Bütün bunların hiç kuşkusuz ideolojik bir temeli olmalıdır. Vardır zaten. 12 yıllık süreçte ilmik ilmik örülen laikliğin darbelenmesi ve nihayet sona erdirilmesi için bir iki adım ya kalmış ya kalmamıştır. Milli eğitim tümüyle bu ideolojik temelin sağlamlaştırılması için yeniden düzenlendi; bu iş hemen hemen tamamlanmıştır. Son noktanın konulması zamanıdır. Bu da seçimlerin her ne pahasına olursa olsun kazanılmasını zorunlu kılıyor. Çünkü henüz şöyle ya da böyle özellikle laiklik konusunda ikna edilememiş yüzde 50’lik bir kitle var.

***

Bu yüzde 50’lik kitlenin genel gidişe “ne yapalım başka çare mi kaldı” çaresizliği ile boyun eğmesi de; -tarihte örnekleri var- “hayır ben bu yeni düzene boyun eğemem” demesi de mümkündür. Karar hiç kuşkusuz sandığa gidecek olanların olacaktır; ama onlara ne olup bittiğini anlatmak; bunu evde, okulda, sokakta, nerede şu adına “yeni” denilen gerilemeyle karşılaşıyorsak orada yapmak durumundayız.
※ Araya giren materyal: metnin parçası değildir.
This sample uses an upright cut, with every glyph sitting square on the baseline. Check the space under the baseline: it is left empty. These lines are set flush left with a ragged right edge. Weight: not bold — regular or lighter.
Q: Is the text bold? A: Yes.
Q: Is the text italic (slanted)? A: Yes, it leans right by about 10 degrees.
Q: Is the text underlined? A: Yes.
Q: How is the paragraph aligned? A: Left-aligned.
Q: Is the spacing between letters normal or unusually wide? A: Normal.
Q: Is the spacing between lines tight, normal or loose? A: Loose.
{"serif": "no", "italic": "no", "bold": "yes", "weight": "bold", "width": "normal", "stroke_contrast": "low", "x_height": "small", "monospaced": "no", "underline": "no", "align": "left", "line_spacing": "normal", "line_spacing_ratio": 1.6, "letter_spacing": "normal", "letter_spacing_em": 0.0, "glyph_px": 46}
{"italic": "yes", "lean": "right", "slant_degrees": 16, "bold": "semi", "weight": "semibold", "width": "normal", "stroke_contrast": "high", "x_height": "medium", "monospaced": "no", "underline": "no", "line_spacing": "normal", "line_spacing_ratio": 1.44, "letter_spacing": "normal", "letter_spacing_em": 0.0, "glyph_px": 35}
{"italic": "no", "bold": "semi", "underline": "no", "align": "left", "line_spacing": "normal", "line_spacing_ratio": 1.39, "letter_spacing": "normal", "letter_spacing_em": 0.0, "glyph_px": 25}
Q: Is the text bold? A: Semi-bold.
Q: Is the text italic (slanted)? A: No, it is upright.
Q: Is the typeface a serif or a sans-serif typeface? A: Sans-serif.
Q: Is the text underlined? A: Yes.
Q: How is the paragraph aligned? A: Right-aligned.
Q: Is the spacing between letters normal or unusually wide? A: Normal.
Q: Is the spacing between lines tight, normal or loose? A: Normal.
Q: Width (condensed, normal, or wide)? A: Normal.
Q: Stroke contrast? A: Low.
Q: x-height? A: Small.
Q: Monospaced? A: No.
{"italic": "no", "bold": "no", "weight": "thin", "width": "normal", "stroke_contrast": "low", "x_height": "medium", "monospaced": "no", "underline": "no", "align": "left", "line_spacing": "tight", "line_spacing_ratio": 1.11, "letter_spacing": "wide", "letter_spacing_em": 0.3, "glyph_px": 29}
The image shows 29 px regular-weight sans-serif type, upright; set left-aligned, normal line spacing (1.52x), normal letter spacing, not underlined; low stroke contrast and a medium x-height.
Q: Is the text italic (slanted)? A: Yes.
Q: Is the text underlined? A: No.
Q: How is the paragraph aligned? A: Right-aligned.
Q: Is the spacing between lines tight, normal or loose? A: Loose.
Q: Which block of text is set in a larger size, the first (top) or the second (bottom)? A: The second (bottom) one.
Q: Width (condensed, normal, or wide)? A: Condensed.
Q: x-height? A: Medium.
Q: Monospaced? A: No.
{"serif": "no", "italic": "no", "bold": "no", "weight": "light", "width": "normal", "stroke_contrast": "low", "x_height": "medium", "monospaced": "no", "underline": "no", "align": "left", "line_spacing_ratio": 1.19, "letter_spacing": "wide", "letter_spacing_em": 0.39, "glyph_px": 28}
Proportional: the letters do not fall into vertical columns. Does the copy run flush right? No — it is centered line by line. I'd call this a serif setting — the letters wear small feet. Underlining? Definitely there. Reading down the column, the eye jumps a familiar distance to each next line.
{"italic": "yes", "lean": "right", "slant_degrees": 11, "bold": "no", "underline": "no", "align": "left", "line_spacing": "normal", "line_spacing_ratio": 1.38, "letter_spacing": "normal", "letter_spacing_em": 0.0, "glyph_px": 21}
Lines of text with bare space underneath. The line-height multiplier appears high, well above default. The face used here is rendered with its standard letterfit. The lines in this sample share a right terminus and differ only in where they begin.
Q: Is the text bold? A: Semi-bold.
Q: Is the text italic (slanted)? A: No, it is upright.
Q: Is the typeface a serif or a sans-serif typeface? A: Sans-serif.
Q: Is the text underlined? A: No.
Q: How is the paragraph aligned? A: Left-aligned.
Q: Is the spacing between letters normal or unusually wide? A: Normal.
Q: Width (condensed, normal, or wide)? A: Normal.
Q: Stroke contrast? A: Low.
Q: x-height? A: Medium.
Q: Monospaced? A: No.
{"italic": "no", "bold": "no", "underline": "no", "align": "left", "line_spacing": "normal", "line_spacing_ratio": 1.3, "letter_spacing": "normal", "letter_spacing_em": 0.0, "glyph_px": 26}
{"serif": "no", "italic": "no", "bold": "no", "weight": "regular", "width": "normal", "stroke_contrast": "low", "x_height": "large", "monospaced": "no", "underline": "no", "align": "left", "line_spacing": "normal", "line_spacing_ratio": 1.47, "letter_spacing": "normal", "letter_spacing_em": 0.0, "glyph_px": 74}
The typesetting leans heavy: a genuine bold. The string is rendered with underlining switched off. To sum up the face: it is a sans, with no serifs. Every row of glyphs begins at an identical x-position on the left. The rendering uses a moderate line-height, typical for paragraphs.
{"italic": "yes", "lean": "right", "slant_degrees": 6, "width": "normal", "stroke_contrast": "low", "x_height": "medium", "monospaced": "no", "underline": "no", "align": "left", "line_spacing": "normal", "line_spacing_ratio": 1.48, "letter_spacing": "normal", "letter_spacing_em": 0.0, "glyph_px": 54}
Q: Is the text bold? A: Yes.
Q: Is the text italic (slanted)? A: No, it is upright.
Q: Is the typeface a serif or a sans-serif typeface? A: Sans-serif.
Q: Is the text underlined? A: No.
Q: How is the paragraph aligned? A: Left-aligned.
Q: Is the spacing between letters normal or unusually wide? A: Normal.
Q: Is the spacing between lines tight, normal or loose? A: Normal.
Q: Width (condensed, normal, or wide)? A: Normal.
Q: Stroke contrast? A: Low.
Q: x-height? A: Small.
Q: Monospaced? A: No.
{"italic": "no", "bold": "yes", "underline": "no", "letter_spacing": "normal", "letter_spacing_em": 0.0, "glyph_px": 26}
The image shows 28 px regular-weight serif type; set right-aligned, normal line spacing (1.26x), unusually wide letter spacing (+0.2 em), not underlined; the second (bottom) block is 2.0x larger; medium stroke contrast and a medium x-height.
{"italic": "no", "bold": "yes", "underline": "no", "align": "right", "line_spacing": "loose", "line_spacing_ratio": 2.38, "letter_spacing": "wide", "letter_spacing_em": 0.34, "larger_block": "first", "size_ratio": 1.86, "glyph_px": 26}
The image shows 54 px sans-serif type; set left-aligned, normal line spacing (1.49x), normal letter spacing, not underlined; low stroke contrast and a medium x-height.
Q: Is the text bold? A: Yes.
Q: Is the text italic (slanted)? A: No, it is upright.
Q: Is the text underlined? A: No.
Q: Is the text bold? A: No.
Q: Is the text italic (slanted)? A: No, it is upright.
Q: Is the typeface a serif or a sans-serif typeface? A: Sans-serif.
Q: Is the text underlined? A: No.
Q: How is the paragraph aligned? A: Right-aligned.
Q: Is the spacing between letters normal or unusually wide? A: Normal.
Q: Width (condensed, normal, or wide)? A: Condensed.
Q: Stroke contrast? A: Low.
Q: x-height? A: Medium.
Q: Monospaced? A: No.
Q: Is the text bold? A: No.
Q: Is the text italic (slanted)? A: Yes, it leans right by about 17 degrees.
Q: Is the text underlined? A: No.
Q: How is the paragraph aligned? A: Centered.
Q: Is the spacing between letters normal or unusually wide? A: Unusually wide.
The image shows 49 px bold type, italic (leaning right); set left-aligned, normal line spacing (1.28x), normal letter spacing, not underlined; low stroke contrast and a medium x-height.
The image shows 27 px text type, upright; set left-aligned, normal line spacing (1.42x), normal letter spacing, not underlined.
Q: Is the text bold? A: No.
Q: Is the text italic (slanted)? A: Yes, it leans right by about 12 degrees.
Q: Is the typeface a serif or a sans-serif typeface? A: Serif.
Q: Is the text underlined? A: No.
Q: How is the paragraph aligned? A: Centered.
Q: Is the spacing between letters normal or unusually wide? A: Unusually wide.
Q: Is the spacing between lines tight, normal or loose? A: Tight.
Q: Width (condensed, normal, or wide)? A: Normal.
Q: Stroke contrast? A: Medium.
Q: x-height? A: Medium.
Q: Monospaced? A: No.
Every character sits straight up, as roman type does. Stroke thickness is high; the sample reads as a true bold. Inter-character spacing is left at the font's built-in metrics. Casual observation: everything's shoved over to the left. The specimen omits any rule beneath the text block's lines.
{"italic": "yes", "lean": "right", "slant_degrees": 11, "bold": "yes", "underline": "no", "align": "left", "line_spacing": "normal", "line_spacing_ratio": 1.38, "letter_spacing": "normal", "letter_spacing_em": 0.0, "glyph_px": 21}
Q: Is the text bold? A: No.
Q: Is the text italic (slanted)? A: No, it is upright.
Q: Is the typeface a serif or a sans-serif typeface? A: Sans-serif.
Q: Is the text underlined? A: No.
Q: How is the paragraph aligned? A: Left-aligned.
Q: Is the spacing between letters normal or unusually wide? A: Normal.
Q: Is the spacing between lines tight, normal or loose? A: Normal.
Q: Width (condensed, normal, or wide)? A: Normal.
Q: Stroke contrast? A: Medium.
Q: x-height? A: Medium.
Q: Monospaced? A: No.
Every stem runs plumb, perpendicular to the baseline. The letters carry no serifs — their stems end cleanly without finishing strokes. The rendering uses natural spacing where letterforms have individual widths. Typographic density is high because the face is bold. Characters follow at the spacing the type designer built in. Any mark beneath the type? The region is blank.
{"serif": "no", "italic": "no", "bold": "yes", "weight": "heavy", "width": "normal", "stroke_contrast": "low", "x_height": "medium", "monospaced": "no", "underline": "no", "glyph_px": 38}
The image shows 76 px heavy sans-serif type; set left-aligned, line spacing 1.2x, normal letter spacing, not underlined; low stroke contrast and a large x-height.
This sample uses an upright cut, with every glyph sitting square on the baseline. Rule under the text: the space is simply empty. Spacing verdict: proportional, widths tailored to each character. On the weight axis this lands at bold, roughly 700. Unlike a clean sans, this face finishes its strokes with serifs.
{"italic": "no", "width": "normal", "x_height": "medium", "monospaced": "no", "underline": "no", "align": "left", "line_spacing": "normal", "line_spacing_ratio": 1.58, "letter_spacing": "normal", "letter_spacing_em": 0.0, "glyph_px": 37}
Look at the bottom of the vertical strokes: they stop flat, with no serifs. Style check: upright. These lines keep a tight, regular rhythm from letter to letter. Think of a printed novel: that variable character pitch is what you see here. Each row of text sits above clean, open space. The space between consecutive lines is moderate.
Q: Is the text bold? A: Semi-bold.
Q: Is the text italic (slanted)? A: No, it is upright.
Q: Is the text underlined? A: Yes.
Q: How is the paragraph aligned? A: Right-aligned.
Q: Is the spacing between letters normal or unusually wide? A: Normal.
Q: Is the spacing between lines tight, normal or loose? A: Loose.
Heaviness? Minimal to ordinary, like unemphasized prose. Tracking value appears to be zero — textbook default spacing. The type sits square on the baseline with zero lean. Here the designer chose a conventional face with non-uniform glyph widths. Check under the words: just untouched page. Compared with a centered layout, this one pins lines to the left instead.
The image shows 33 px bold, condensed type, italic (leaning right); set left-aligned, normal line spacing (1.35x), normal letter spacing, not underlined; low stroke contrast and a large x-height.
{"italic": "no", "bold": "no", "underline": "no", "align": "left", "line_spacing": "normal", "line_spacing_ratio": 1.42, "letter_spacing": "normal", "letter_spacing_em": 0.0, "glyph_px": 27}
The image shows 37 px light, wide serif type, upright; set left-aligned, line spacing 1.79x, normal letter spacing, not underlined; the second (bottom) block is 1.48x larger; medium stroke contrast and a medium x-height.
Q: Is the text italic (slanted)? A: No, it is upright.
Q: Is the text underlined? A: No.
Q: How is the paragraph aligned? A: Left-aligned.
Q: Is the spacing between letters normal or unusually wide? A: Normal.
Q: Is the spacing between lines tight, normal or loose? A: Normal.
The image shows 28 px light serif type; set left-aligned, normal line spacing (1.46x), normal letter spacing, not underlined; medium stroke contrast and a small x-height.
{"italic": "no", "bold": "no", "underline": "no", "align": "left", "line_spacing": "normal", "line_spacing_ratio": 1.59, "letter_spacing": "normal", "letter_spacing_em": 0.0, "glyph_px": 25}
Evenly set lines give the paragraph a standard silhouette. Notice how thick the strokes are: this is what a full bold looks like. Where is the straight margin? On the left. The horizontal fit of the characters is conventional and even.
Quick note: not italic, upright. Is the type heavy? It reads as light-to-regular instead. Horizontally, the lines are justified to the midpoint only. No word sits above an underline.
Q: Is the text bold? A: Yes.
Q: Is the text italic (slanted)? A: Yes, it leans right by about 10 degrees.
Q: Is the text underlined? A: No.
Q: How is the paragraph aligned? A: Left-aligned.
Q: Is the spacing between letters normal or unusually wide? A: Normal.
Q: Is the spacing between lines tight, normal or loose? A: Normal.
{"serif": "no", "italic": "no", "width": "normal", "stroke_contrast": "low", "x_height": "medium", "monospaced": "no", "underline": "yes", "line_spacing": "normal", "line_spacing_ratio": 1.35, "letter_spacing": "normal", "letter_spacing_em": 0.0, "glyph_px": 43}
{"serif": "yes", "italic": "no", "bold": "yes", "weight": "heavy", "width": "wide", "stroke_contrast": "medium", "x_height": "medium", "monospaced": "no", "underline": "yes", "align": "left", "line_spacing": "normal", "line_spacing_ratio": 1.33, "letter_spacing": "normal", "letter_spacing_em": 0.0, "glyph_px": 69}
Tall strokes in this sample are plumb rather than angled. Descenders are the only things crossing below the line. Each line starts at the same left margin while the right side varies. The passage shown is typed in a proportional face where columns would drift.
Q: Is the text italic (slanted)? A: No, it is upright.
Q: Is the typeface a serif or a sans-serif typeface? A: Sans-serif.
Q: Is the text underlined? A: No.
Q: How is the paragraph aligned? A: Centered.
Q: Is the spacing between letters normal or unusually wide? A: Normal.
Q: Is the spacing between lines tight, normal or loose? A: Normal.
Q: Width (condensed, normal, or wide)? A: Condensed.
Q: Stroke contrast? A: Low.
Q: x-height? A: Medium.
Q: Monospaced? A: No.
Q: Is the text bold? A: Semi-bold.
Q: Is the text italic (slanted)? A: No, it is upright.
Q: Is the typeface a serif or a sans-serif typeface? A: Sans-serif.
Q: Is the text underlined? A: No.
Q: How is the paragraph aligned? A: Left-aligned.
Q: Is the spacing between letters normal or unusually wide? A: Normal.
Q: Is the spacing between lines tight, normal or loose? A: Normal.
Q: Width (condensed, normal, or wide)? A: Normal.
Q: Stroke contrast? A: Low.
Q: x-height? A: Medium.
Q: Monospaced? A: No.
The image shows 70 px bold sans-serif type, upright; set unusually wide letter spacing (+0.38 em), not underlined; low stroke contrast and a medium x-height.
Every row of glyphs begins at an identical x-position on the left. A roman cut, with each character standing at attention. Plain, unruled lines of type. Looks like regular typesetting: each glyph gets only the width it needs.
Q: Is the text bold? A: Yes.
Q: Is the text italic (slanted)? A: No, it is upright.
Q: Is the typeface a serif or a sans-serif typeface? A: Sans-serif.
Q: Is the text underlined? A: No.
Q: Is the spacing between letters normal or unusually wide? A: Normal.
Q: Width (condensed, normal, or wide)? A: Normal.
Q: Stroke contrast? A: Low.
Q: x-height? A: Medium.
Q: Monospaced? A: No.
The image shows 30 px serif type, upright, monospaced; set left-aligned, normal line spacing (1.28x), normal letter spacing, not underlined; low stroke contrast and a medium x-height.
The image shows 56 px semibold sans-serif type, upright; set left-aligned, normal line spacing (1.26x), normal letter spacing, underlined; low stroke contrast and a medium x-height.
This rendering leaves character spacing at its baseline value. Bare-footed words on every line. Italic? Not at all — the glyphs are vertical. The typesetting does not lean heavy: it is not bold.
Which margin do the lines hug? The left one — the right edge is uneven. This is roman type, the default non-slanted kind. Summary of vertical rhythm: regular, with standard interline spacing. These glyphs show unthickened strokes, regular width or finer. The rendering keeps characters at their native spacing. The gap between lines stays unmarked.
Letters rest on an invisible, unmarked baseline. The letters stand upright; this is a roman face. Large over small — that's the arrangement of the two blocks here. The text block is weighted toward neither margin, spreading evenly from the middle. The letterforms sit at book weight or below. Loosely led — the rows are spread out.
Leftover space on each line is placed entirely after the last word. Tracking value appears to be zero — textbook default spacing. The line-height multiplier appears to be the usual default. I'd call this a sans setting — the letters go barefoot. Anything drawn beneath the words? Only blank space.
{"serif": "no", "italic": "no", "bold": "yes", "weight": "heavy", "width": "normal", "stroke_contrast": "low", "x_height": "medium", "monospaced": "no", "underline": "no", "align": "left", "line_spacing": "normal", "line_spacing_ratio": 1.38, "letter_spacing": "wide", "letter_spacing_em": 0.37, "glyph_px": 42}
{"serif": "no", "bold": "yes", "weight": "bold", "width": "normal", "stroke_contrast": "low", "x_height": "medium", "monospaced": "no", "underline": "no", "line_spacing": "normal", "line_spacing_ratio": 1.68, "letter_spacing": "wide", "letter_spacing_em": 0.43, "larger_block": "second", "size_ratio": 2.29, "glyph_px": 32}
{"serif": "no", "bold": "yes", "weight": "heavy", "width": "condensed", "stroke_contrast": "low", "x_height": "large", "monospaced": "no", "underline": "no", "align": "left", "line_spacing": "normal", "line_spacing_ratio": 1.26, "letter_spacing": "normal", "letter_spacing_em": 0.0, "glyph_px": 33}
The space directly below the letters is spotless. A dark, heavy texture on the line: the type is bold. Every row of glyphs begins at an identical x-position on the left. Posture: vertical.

Siyasetin gerçek yenilikçileri somut durumu anlatamazsa “yeni düzenin sahipleri” kitleyi ikna edebilir, ülkemizi otokrasinin sessiz ülkesine çevirebilirler.

***

İkna etmenin yöntemlerini bir bir deniyorlar şimdi. En önemlisi; sokağın sesini susturmayı öne aldılar. Toplantı ve gösteri hakkını kullanılamaz hale getiren yeni düzenlemeler, yeni güvenlik önlemlerini içeren yasalar, sosyal medyaya baskı bunun içindir. Sokağın kapısını yasayla kapatırsanız sokağa çıkmak isteyenleri de yasadışına zorlamış olursunuz. Nefes almak, yaşayabilmek insanın fıtratında var. Ayrıca yasalarla, yönetmeliklerle, emirlerle ortadan kaldırılamayan evrensel insan haklarının otokratlara sonsuz bir özgürlük alanı sunmadığını da biliyoruz.

***

Yaşamak için nefes almak zorundayız. Hayat memat meselesi dediğimiz budur zaten.